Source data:

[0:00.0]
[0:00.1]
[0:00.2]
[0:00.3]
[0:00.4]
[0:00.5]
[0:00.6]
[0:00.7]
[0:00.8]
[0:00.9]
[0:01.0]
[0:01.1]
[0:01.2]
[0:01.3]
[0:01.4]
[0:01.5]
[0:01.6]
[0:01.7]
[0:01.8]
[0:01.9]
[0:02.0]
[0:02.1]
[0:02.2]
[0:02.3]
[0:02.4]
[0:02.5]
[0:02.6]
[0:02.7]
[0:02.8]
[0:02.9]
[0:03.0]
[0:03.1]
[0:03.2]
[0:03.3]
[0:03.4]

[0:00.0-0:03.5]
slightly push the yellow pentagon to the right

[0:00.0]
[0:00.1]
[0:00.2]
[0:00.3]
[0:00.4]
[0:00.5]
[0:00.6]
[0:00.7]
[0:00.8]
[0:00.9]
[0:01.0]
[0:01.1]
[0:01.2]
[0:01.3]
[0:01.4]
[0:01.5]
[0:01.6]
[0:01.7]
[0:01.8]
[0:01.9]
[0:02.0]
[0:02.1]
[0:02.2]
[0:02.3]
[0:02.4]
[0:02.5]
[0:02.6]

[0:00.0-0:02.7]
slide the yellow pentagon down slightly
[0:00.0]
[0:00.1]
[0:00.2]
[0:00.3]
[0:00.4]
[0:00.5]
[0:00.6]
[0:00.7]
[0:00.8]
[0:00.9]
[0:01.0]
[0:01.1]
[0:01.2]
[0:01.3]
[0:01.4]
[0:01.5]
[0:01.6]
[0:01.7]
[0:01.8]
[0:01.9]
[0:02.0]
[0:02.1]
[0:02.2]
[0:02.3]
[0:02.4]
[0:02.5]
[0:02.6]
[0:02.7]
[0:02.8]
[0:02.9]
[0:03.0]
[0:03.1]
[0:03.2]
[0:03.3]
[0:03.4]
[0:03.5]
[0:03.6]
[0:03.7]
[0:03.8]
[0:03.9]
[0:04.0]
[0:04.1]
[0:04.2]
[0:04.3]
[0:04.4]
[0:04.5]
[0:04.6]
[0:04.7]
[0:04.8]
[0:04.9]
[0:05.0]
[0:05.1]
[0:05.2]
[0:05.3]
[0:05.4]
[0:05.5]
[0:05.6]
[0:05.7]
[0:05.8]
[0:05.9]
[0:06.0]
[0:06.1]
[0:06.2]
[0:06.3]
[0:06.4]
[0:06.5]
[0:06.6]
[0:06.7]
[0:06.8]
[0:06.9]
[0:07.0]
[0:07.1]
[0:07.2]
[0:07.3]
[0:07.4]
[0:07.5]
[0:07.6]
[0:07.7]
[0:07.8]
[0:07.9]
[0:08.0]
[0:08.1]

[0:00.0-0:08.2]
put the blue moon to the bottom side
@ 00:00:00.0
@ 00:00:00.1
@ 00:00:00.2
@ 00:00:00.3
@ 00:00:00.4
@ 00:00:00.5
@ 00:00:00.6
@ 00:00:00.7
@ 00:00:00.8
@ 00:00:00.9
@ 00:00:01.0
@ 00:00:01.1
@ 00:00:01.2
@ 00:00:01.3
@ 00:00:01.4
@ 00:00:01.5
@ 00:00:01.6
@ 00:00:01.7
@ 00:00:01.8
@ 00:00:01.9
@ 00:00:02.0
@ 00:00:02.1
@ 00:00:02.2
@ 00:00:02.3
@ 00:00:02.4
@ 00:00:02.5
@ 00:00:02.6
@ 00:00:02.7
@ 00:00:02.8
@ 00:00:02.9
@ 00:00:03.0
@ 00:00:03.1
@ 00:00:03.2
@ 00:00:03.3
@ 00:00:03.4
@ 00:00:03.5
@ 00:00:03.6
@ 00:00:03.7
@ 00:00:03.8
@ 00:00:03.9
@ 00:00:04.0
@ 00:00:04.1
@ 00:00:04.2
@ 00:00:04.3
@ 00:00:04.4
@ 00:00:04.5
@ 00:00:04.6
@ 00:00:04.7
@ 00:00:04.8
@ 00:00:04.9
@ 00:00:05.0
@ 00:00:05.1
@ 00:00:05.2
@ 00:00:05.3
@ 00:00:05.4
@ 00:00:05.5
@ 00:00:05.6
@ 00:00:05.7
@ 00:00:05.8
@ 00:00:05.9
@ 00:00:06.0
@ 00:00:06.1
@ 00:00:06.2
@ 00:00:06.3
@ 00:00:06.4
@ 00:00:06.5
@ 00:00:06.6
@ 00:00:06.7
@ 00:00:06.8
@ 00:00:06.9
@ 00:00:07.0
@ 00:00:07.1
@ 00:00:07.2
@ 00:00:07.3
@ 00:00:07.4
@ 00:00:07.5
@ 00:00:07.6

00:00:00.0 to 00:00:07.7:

How to complete this task:
Would you transcribe all of the data, keeping each line exact?

Output below:
[0:00.0]
[0:00.1]
[0:00.2]
[0:00.3]
[0:00.4]
[0:00.5]
[0:00.6]
[0:00.7]
[0:00.8]
[0:00.9]
[0:01.0]
[0:01.1]
[0:01.2]
[0:01.3]
[0:01.4]
[0:01.5]
[0:01.6]
[0:01.7]
[0:01.8]
[0:01.9]
[0:02.0]
[0:02.1]
[0:02.2]
[0:02.3]
[0:02.4]
[0:02.5]
[0:02.6]
[0:02.7]
[0:02.8]
[0:02.9]
[0:03.0]
[0:03.1]
[0:03.2]
[0:03.3]
[0:03.4]

[0:00.0-0:03.5]
slightly push the yellow pentagon to the right

[0:00.0]
[0:00.1]
[0:00.2]
[0:00.3]
[0:00.4]
[0:00.5]
[0:00.6]
[0:00.7]
[0:00.8]
[0:00.9]
[0:01.0]
[0:01.1]
[0:01.2]
[0:01.3]
[0:01.4]
[0:01.5]
[0:01.6]
[0:01.7]
[0:01.8]
[0:01.9]
[0:02.0]
[0:02.1]
[0:02.2]
[0:02.3]
[0:02.4]
[0:02.5]
[0:02.6]

[0:00.0-0:02.7]
slide the yellow pentagon down slightly
[0:00.0]
[0:00.1]
[0:00.2]
[0:00.3]
[0:00.4]
[0:00.5]
[0:00.6]
[0:00.7]
[0:00.8]
[0:00.9]
[0:01.0]
[0:01.1]
[0:01.2]
[0:01.3]
[0:01.4]
[0:01.5]
[0:01.6]
[0:01.7]
[0:01.8]
[0:01.9]
[0:02.0]
[0:02.1]
[0:02.2]
[0:02.3]
[0:02.4]
[0:02.5]
[0:02.6]
[0:02.7]
[0:02.8]
[0:02.9]
[0:03.0]
[0:03.1]
[0:03.2]
[0:03.3]
[0:03.4]
[0:03.5]
[0:03.6]
[0:03.7]
[0:03.8]
[0:03.9]
[0:04.0]
[0:04.1]
[0:04.2]
[0:04.3]
[0:04.4]
[0:04.5]
[0:04.6]
[0:04.7]
[0:04.8]
[0:04.9]
[0:05.0]
[0:05.1]
[0:05.2]
[0:05.3]
[0:05.4]
[0:05.5]
[0:05.6]
[0:05.7]
[0:05.8]
[0:05.9]
[0:06.0]
[0:06.1]
[0:06.2]
[0:06.3]
[0:06.4]
[0:06.5]
[0:06.6]
[0:06.7]
[0:06.8]
[0:06.9]
[0:07.0]
[0:07.1]
[0:07.2]
[0:07.3]
[0:07.4]
[0:07.5]
[0:07.6]
[0:07.7]
[0:07.8]
[0:07.9]
[0:08.0]
[0:08.1]

[0:00.0-0:08.2]
put the blue moon to the bottom side
@ 00:00:00.0
@ 00:00:00.1
@ 00:00:00.2
@ 00:00:00.3
@ 00:00:00.4
@ 00:00:00.5
@ 00:00:00.6
@ 00:00:00.7
@ 00:00:00.8
@ 00:00:00.9
@ 00:00:01.0
@ 00:00:01.1
@ 00:00:01.2
@ 00:00:01.3
@ 00:00:01.4
@ 00:00:01.5
@ 00:00:01.6
@ 00:00:01.7
@ 00:00:01.8
@ 00:00:01.9
@ 00:00:02.0
@ 00:00:02.1
@ 00:00:02.2
@ 00:00:02.3
@ 00:00:02.4
@ 00:00:02.5
@ 00:00:02.6
@ 00:00:02.7
@ 00:00:02.8
@ 00:00:02.9
@ 00:00:03.0
@ 00:00:03.1
@ 00:00:03.2
@ 00:00:03.3
@ 00:00:03.4
@ 00:00:03.5
@ 00:00:03.6
@ 00:00:03.7
@ 00:00:03.8
@ 00:00:03.9
@ 00:00:04.0
@ 00:00:04.1
@ 00:00:04.2
@ 00:00:04.3
@ 00:00:04.4
@ 00:00:04.5
@ 00:00:04.6
@ 00:00:04.7
@ 00:00:04.8
@ 00:00:04.9
@ 00:00:05.0
@ 00:00:05.1
@ 00:00:05.2
@ 00:00:05.3
@ 00:00:05.4
@ 00:00:05.5
@ 00:00:05.6
@ 00:00:05.7
@ 00:00:05.8
@ 00:00:05.9
@ 00:00:06.0
@ 00:00:06.1
@ 00:00:06.2
@ 00:00:06.3
@ 00:00:06.4
@ 00:00:06.5
@ 00:00:06.6
@ 00:00:06.7
@ 00:00:06.8
@ 00:00:06.9
@ 00:00:07.0
@ 00:00:07.1
@ 00:00:07.2
@ 00:00:07.3
@ 00:00:07.4
@ 00:00:07.5
@ 00:00:07.6

00:00:00.0 to 00:00:07.7:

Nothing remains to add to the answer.